== Task goal ==
Pictures are to be left out, and the rest of the records reproduced exactly.

== Data supplied ==
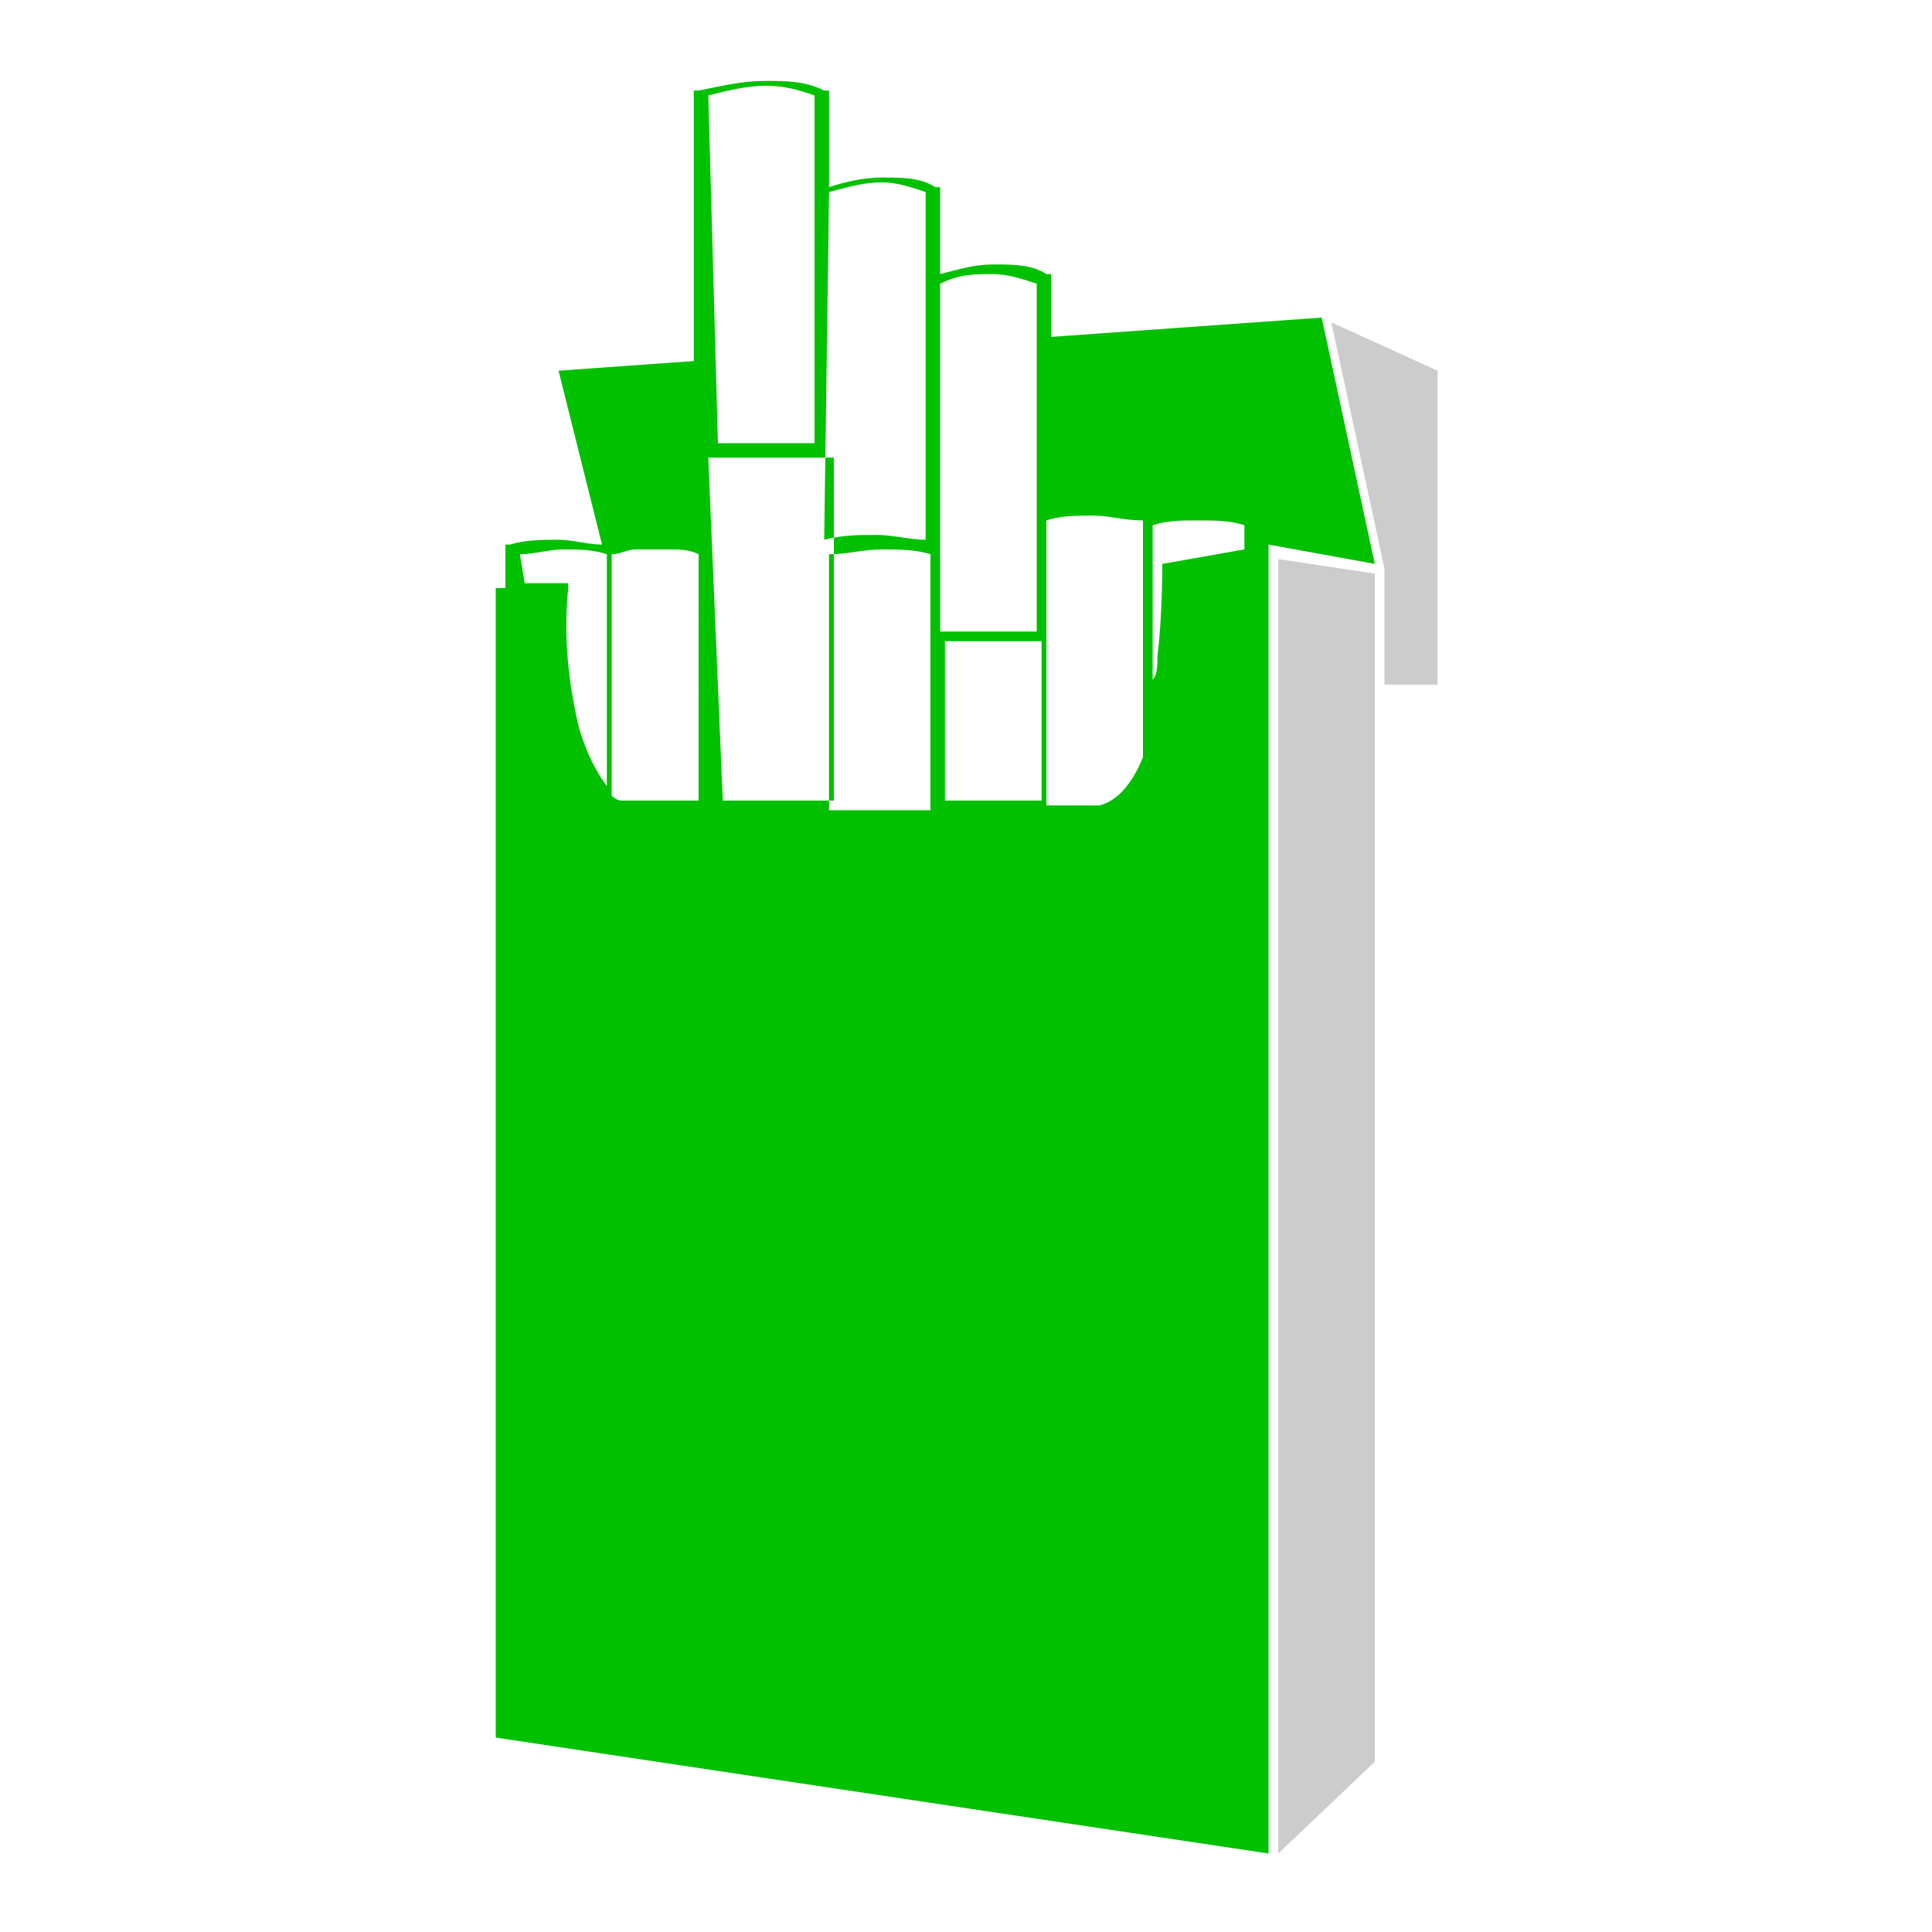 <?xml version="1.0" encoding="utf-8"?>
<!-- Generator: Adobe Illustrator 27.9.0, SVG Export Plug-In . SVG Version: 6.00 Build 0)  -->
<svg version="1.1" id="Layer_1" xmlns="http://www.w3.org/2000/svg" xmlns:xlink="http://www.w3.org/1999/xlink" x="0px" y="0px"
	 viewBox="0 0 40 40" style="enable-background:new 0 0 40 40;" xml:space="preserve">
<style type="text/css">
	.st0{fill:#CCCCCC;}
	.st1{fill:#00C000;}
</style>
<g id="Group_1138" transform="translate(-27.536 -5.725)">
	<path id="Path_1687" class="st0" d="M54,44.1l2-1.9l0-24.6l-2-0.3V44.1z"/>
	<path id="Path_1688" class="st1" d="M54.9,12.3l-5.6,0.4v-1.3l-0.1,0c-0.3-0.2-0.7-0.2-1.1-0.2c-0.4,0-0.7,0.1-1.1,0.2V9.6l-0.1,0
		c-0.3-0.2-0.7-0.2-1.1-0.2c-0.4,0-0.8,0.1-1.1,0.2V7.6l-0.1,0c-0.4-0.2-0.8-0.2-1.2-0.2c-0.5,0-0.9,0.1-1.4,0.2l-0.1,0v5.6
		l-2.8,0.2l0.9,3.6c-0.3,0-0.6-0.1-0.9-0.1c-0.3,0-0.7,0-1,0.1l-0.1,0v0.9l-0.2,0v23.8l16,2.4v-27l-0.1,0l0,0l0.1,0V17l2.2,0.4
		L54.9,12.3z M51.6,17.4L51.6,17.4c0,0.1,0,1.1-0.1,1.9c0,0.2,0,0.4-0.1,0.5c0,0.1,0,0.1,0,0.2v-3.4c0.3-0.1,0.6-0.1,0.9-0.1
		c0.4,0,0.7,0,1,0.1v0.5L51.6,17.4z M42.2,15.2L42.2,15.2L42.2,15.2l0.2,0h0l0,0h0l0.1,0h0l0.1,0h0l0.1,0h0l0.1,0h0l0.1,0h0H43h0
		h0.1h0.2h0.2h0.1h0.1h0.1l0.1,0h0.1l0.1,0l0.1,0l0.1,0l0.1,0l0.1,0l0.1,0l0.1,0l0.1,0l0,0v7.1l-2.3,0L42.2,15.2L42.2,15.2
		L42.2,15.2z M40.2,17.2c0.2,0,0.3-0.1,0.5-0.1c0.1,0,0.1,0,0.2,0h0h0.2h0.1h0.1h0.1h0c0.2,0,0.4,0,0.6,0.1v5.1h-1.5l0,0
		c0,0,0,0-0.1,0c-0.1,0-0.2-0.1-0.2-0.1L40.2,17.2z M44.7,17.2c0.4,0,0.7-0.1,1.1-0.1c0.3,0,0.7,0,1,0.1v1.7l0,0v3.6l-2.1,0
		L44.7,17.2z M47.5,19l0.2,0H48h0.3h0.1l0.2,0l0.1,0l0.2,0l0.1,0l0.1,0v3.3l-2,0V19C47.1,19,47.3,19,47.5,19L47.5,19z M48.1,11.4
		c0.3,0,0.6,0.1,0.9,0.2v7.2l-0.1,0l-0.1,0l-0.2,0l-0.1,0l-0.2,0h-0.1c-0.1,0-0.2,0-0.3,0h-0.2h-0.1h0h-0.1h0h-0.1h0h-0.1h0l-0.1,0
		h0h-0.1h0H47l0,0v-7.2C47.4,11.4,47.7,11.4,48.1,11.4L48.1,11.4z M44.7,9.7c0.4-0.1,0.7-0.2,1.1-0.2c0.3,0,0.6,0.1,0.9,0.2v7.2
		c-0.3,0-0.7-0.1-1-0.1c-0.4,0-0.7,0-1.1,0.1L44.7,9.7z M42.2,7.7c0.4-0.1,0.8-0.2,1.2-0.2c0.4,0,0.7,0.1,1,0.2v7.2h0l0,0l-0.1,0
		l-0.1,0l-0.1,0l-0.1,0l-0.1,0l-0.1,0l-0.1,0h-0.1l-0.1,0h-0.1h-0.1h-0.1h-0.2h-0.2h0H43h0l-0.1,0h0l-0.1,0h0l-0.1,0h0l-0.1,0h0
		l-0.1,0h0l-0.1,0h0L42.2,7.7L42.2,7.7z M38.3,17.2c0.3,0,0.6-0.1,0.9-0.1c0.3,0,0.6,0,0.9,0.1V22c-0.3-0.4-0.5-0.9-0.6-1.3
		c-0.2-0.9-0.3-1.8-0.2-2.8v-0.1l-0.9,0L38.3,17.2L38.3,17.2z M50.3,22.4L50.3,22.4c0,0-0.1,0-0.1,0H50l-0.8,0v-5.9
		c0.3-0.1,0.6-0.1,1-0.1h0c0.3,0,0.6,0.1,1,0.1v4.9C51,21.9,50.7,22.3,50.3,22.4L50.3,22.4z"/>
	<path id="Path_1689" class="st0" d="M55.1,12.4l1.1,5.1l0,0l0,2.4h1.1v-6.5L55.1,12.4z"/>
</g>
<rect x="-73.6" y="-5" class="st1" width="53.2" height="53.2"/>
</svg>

== Answer space ==
 <?xml version="1.0" encoding="utf-8"?>
<!-- Generator: Adobe Illustrator 27.9.0, SVG Export Plug-In . SVG Version: 6.00 Build 0)  -->
<svg version="1.1" id="Layer_1" xmlns="http://www.w3.org/2000/svg" xmlns:xlink="http://www.w3.org/1999/xlink" x="0px" y="0px"
	 viewBox="0 0 40 40" style="enable-background:new 0 0 40 40;" xml:space="preserve">
<style type="text/css">
	.st0{fill:#CCCCCC;}
	.st1{fill:#00C000;}
</style>
<g id="Group_1138" transform="translate(-27.536 -5.725)">
	<path id="Path_1687" class="st0" d="M54,44.1l2-1.9l0-24.6l-2-0.3V44.1z"/>
	<path id="Path_1688" class="st1" d="M54.9,12.3l-5.6,0.4v-1.3l-0.1,0c-0.3-0.2-0.7-0.2-1.1-0.2c-0.4,0-0.7,0.1-1.1,0.2V9.6l-0.1,0
		c-0.3-0.2-0.7-0.2-1.1-0.2c-0.4,0-0.8,0.1-1.1,0.2V7.6l-0.1,0c-0.4-0.2-0.8-0.2-1.2-0.2c-0.5,0-0.9,0.1-1.4,0.2l-0.1,0v5.6
		l-2.8,0.2l0.9,3.6c-0.3,0-0.6-0.1-0.9-0.1c-0.3,0-0.7,0-1,0.1l-0.1,0v0.9l-0.2,0v23.8l16,2.4v-27l-0.1,0l0,0l0.1,0V17l2.2,0.4
		L54.9,12.3z M51.6,17.4L51.6,17.4c0,0.1,0,1.1-0.1,1.9c0,0.2,0,0.4-0.1,0.5c0,0.1,0,0.1,0,0.2v-3.4c0.3-0.1,0.6-0.1,0.9-0.1
		c0.4,0,0.7,0,1,0.1v0.5L51.6,17.4z M42.2,15.2L42.2,15.2L42.2,15.2l0.2,0h0l0,0h0l0.1,0h0l0.1,0h0l0.1,0h0l0.1,0h0l0.1,0h0H43h0
		h0.1h0.2h0.2h0.1h0.1h0.1l0.1,0h0.1l0.1,0l0.1,0l0.1,0l0.1,0l0.1,0l0.1,0l0.1,0l0.1,0l0,0v7.1l-2.3,0L42.2,15.2L42.2,15.2
		L42.2,15.2z M40.2,17.2c0.2,0,0.3-0.1,0.5-0.1c0.1,0,0.1,0,0.2,0h0h0.2h0.1h0.1h0.1h0c0.2,0,0.4,0,0.6,0.1v5.1h-1.5l0,0
		c0,0,0,0-0.1,0c-0.1,0-0.2-0.1-0.2-0.1L40.2,17.2z M44.7,17.2c0.4,0,0.7-0.1,1.1-0.1c0.3,0,0.7,0,1,0.1v1.7l0,0v3.6l-2.1,0
		L44.7,17.2z M47.5,19l0.2,0H48h0.3h0.1l0.2,0l0.1,0l0.2,0l0.1,0l0.1,0v3.3l-2,0V19C47.1,19,47.3,19,47.5,19L47.5,19z M48.1,11.4
		c0.3,0,0.6,0.1,0.9,0.2v7.2l-0.1,0l-0.1,0l-0.2,0l-0.1,0l-0.2,0h-0.1c-0.1,0-0.2,0-0.3,0h-0.2h-0.1h0h-0.1h0h-0.1h0h-0.1h0l-0.1,0
		h0h-0.1h0H47l0,0v-7.2C47.4,11.4,47.7,11.4,48.1,11.4L48.1,11.4z M44.7,9.7c0.4-0.1,0.7-0.2,1.1-0.2c0.3,0,0.6,0.1,0.9,0.2v7.2
		c-0.3,0-0.7-0.1-1-0.1c-0.4,0-0.7,0-1.1,0.1L44.7,9.7z M42.2,7.7c0.4-0.1,0.8-0.2,1.2-0.2c0.4,0,0.7,0.1,1,0.2v7.2h0l0,0l-0.1,0
		l-0.1,0l-0.1,0l-0.1,0l-0.1,0l-0.1,0l-0.1,0h-0.1l-0.1,0h-0.1h-0.1h-0.1h-0.2h-0.2h0H43h0l-0.1,0h0l-0.1,0h0l-0.1,0h0l-0.1,0h0
		l-0.1,0h0l-0.1,0h0L42.2,7.7L42.2,7.7z M38.3,17.2c0.3,0,0.6-0.1,0.9-0.1c0.3,0,0.6,0,0.9,0.1V22c-0.3-0.4-0.5-0.9-0.6-1.3
		c-0.2-0.9-0.3-1.8-0.2-2.8v-0.1l-0.9,0L38.3,17.2L38.3,17.2z M50.3,22.4L50.3,22.4c0,0-0.1,0-0.1,0H50l-0.8,0v-5.9
		c0.3-0.1,0.6-0.1,1-0.1h0c0.3,0,0.6,0.1,1,0.1v4.9C51,21.9,50.7,22.3,50.3,22.4L50.3,22.4z"/>
	<path id="Path_1689" class="st0" d="M55.1,12.4l1.1,5.1l0,0l0,2.4h1.1v-6.5L55.1,12.4z"/>
</g>
<rect x="-73.6" y="-5" class="st1" width="53.2" height="53.2"/>
</svg>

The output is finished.